具有零限定符的列表推导（ZF 表达式）

Question

List comprehensions (or ZF-expressions) include a sequence of qualifiers , which can be generators or Boolean-valued expressions ("filter expressions") acting as guards.

A list comprehension with no qualifier – for instance, [1 | ] [1 | ] – is (apparently) valid in Miranda ^{1 (p. 130)} , but is invalid in Haskell ^{2 , 3 (p. 42)} –I tried it in the ghci interpreter– and is (apparently) invalid in Clean ⁴ .

(Of course, we could simulate it by adding a True guard, for instance [1 | True] . But this is more verbose.)

An example of use of a list comprehension with no qualifier in the literature ^{1 (pp. 134-136)} is the following instance of equational reasoning:

[E | ] ++ L = [E] ++ L = (E:[]) ++ L = E:L

Why did Haskell and Clean programming language designers decide against list comprehensions without qualifiers? Is there something that would cause bad feature interactions in these languages but not in Miranda?

---

References:

1. Simon L. Peyton Jones. The Implementation of Functional Programming Languages . Prentice Hall. 1987.

2. The Haskell 98 Report, section 3.11 "List Comprehensions" . 1998.

3. Peter Wentworth. An Introduction to Functional Programming Using Hugs . 2013.

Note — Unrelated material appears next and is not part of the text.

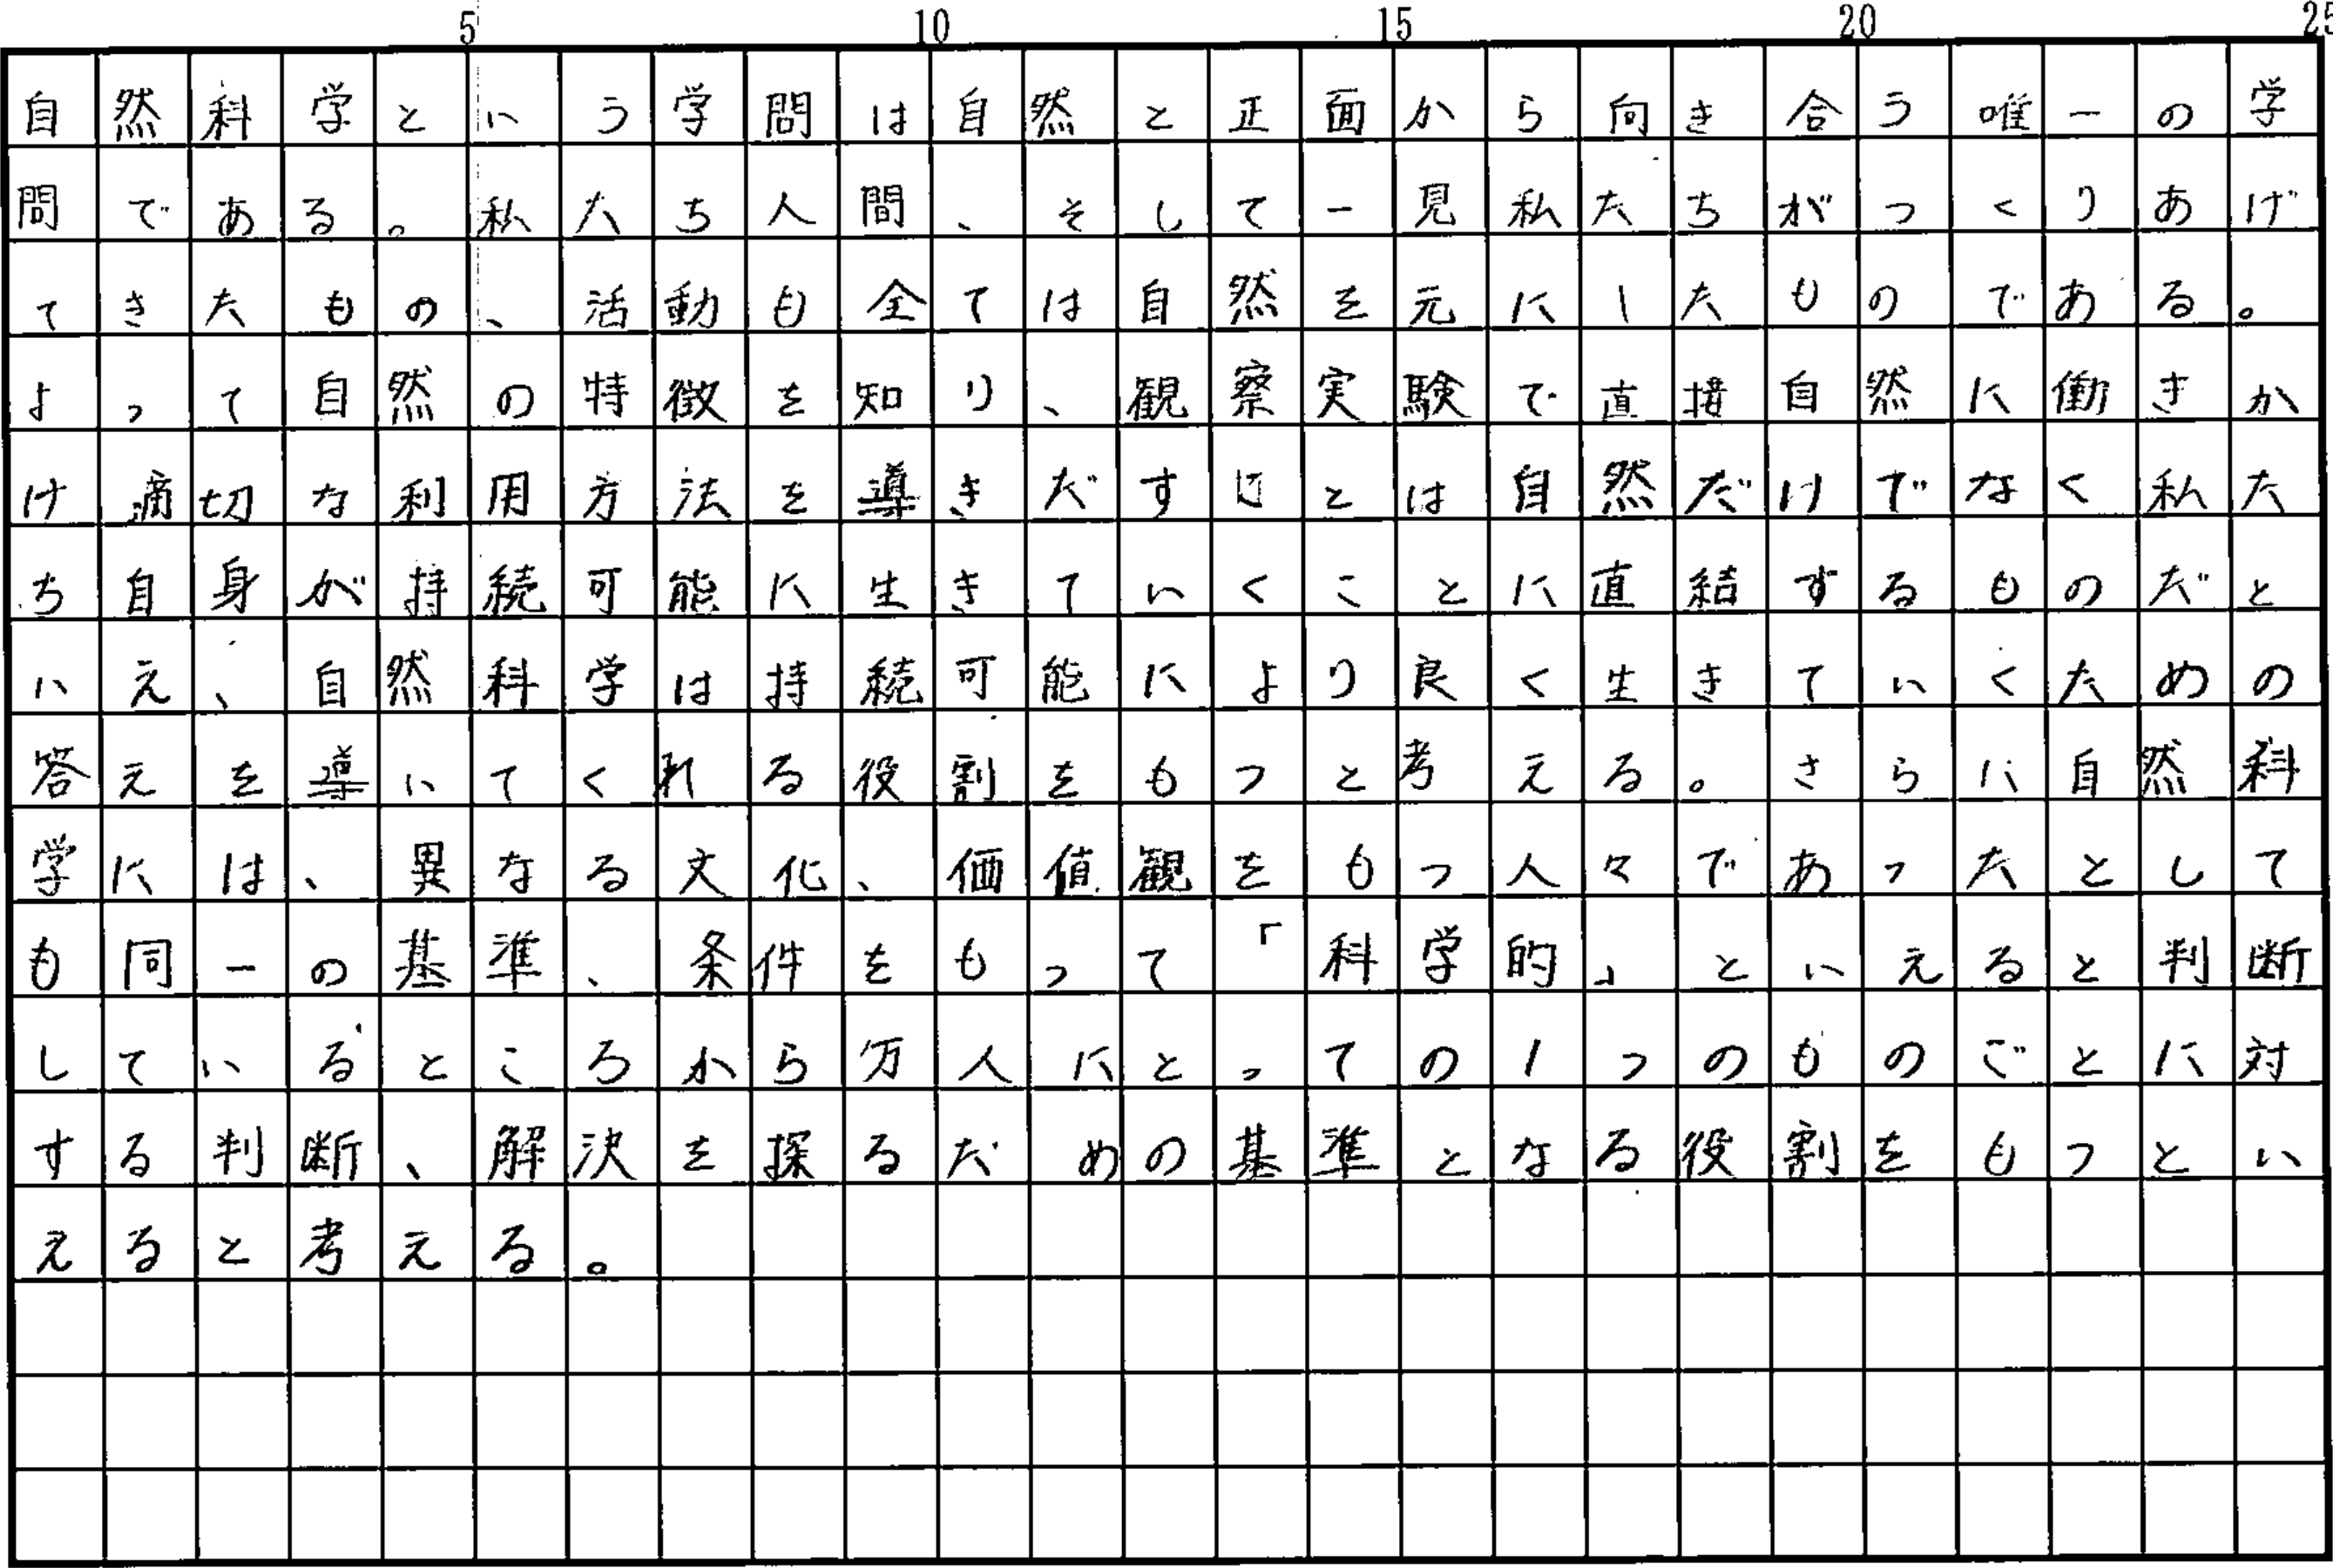自然科学という学問は自然と正面から向き合う唯一の学問である。私たち人間、そして一見私たちがつくりあげてきたもの、活動も全ては自然を元にしたものである。よって自然の特徴を知り、観察実験で直接自然に働きかけ適切な利用方法を導きだすことは自然だけでなく私たち自身が持続可能に生きていくことに直結するものだといえ、自然科学は持続可能により良く生きていくための答えを導いてくれる役割をもつと考える。さらに自然科学には、異なる文化、価値観をもつ人々であったとしても同一の基準、条件をもって「科学的」といえると判断しているところから万人にとっての１つのものごとに対する判断、解決を探るための基準となる役割をもつといえると考える。

4. Rinus Plasmeijer; Marko van Eekelen; John van Groningen. Clean Language Report, version 2.2 . 2011.

Answer 1

I think the obvious answer is that there is no technical reason to disallow list comprehensions with an empty sequence of qualifiers. The requirement is a purely syntactic one. It just so happens that the original Haskell98 report section 3.11 specifies a grammar that requires the list of qualifiers to be non-empty, and the translation rules to turn it into a kernel expression assume this is the case. GHC obeys this grammar, so an expression like [ 10 | ] [ 10 | ] is rejected with a parse error.

From a technical standpoint, simply relaxing the grammar and adding a single translation rule:

[ e | ] = [ e | True ]

would address this.

In fact, the documentation for the GHC MonadComprehensions extension actually provides a translation for this case:

[ e | ] = return e

and the rest of the translation rules basically assume that cases of the form:

[ e | q, Q ]

apply to the special case:

[ e | q ]

with Q taken to be empty.

Once you get past the parser, the rest of GHC handles this special case just fine. In particular, if you use Template Haskell to bypass the parser and construct a comprehension with no qualifiers, you can see that it evaluates as expected. (The separate modules here are needed because of the TH phase restricution.)

--
-- EmptyComprehension.hs
--

module EmptyComprehension where

import Language.Haskell.TH

-- equivalent to "[ 10 | ]"
x :: ExpQ
x = compE [noBindS (litE (integerL 10))]


--
-- Test.hs
--

{-# LANGUAGE TemplateHaskell #-}

import EmptyComprehension

main = print $(x)  -- will print `[10]`

As for why the language was designed this way, I imagine it was either an oversight or perhaps it was considered at some point but the syntax [10 | ] [10 | ] was thought to be too bizarre to allow.

On a related note, empty case s were also disallowed by the original Haskell98 report but then permitted via an EmptyCase extension when it was discovered that they could actually be useful.

I think you might have trouble convincing anyone that a similar extension for comprehensions is worthwhile. In the comments, you mention automatic source generation, but it's easy to handle that case specially or add an extra True qualifier to every comprehensive (or -- if you're generating source via TemplateHaskell -- just bypass the restriction directly).